Issue Two: The Voting Rights Act 
Unrelated to the compact clause, the National Popular Vote compact could potentially be a civil rights violation. The Voting Rights Act of 1965’s second section has been interpreted by the Supreme Court to mean that states can not create an electoral system that reduces the electoral impact of the state’s minority voters (Shaw v. Reno). By switching to the popular vote, Maine would significantly dilute the impact any minority voter in Maine would have on presidential elections by diluting the entire state’s impact, and this is true for any small-population state. 

Issue Three: U.S. Constitution Article Two Violation
Article 2, Section 1 of the United States Constitution requires an indirect election through the Electoral College. Allowing the public to directly select the president violates the language of the U.S. Constitution by rendering the election completely direct, while the Constitution requires it to be indirect. Thus, a state-level compact would violate the interstate compact clause, civil rights protections and also the Electoral College selection clause.

Issue Four: The “AZ Legislature v. AIRC” Problem
In the 2015 Supreme Court Case Arizona Legislature v. Arizona Independent Redistricting Council, Justice Ginsburg wrote a 6-3 majority opinion for the court. This opinion ruled that because the Arizona Constitution contained the language, “the people reserve the power to propose laws and amendments to the constitution and to enact or reject such laws and amendments at the polls, independently of the legislature,” the “legislature” of the state was both the people of Arizona and the two houses of the traditional legislative branch.

Maine has almost identical constitutional language to Arizona. Assuming that the Arizona Legislature case is still good case-law, then the court’s interpretation of a state legislature requiring indirect selection by that state’s citizens still stands. The Electoral College Clause of the U.S. Constitution requires that the legislature direct the selection of electoral candidates, which calls into question whether the Maine Legislature can give that power away to a non-legislative entity. The NPV Compact would remove the input of our state legislature and the people of Maine, and delegate lawmaking power away in a manner that violates the concept of legislative appointment of electors. The people of the United States do not derive lawmaking power from the people of Maine, but under the compact they would be deciding which candidate receives Maine’s electoral votes. But the Constitution does not allow that to occur.
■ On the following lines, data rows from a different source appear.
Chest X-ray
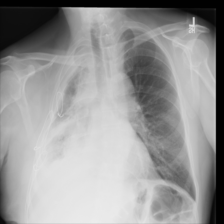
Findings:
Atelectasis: negative
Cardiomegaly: negative
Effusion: negative
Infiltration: negative
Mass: negative
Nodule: negative
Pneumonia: negative
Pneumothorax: negative
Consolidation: negative
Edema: negative
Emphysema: negative
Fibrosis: negative
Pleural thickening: negative
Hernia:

Issue Five: The Legal Absurdity Argument
Lastly, the argument of the NPV compact supporters is that there is no limitation on the power of state legislatures to select Electoral College members. NationalPopularVote.com says in their “Answering Myths” section, “The U.S. Constitution gives the states the “exclusive” and “plenary” power to choose the method of awarding their electoral votes.” Therefore, their belief is that the Maine Legislature could decide to use its electoral votes however it wants with no limitations. This includes voting for someone that no voter voted for, promising the votes to whoever wins a specific party’s primary regardless of the general election outcome, or even giving the votes to someone who didn’t run for president. This outcome is so logically absurd that a court could throw out the compact entirely because of the legal implications ruling in their favor would have.

There’s little question that the compact is both unconstitutional and would dilute Mainers’ voice in presidential elections, particularly in the rural Second Congressional District. Gov. Mills should do the right thing and veto it immediately.